- Opening Delimiter -

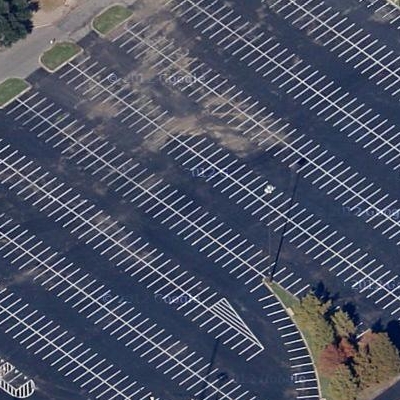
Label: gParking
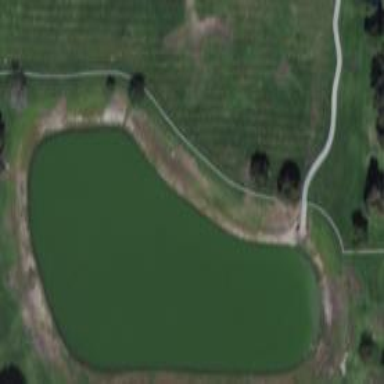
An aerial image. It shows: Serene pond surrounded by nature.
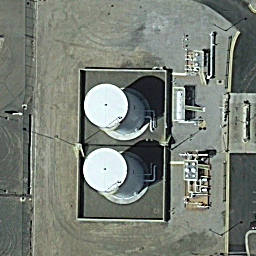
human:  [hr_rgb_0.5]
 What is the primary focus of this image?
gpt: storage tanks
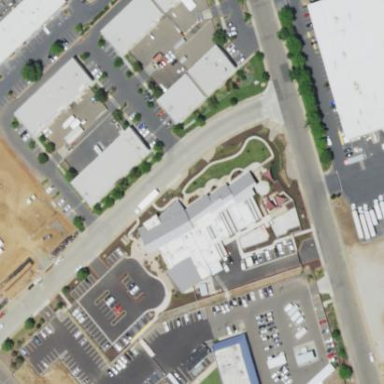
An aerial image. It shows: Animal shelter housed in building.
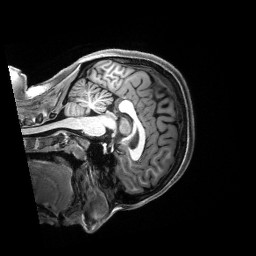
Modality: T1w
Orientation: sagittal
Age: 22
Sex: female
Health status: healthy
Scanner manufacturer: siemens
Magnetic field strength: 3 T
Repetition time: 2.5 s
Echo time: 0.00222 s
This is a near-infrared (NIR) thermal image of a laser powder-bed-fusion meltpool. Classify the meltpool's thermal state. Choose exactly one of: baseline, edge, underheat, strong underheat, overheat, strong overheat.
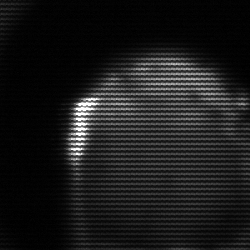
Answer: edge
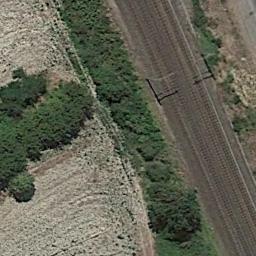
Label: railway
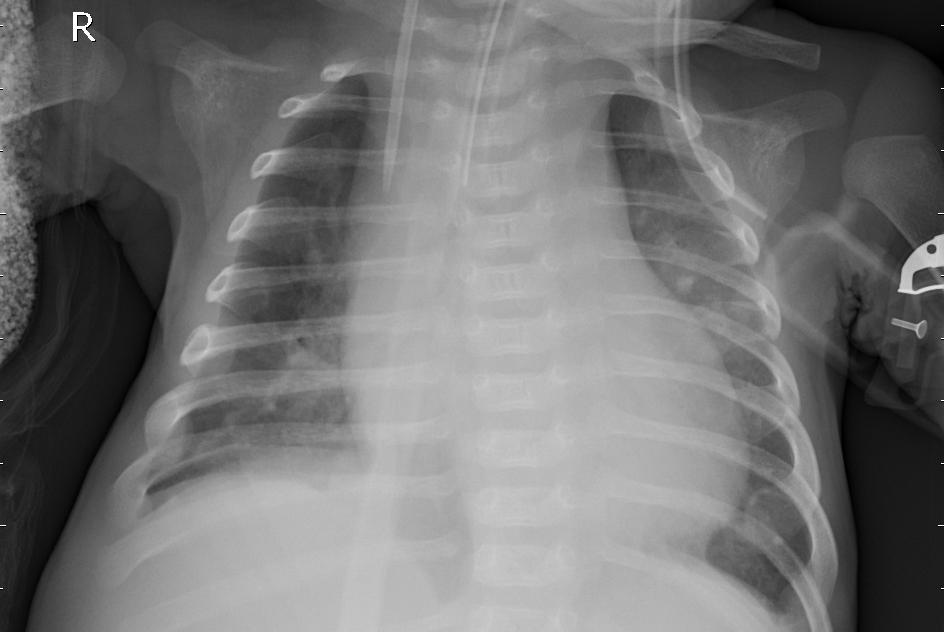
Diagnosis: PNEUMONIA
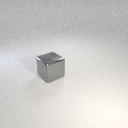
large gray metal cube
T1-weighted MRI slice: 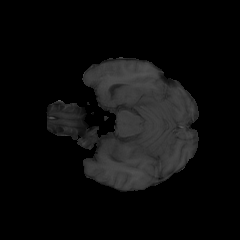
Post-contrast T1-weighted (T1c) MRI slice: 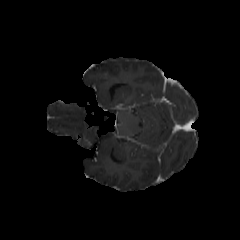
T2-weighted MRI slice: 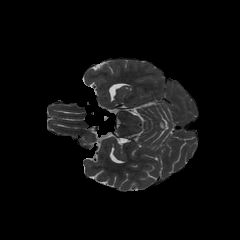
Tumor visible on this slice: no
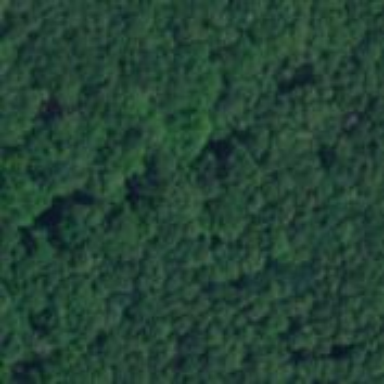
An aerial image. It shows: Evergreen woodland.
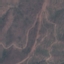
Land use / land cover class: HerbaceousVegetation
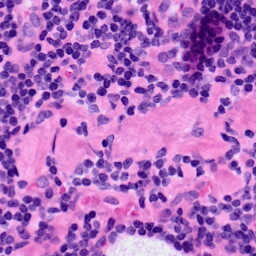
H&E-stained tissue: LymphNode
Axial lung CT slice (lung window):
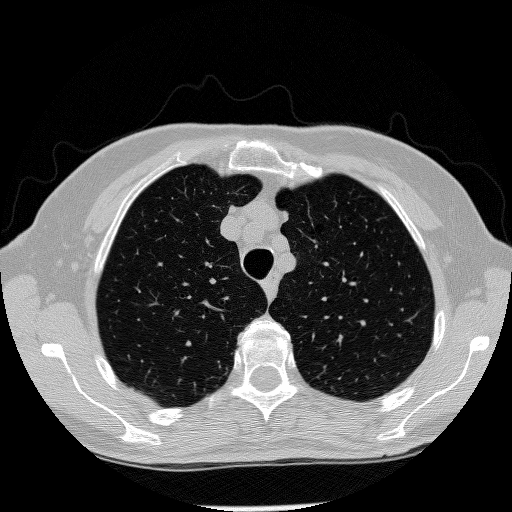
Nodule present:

- Closing Delimiter -

Exercise directions
Exclude images and repeat all entries exactly.

Answer space
Label: gParking
An aerial image. It shows: Serene pond surrounded by nature.
human:  [hr_rgb_0.5]
 What is the primary focus of this image?
gpt: storage tanks
An aerial image. It shows: Animal shelter housed in building.
Modality: T1w
Orientation: sagittal
Age: 22
Sex: female
Health status: healthy
Scanner manufacturer: siemens
Magnetic field strength: 3 T
Repetition time: 2.5 s
Echo time: 0.00222 s
This is a near-infrared (NIR) thermal image of a laser powder-bed-fusion meltpool. Classify the meltpool's thermal state. Choose exactly one of: baseline, edge, underheat, strong underheat, overheat, strong overheat.
Answer: edge
Label: railway
Diagnosis: PNEUMONIA
large gray metal cube
T1-weighted MRI slice: 
Post-contrast T1-weighted (T1c) MRI slice: 
T2-weighted MRI slice: 
Tumor visible on this slice: no
An aerial image. It shows: Evergreen woodland.
Land use / land cover class: HerbaceousVegetation
H&E-stained tissue: LymphNode
Axial lung CT slice (lung window):
Nodule present:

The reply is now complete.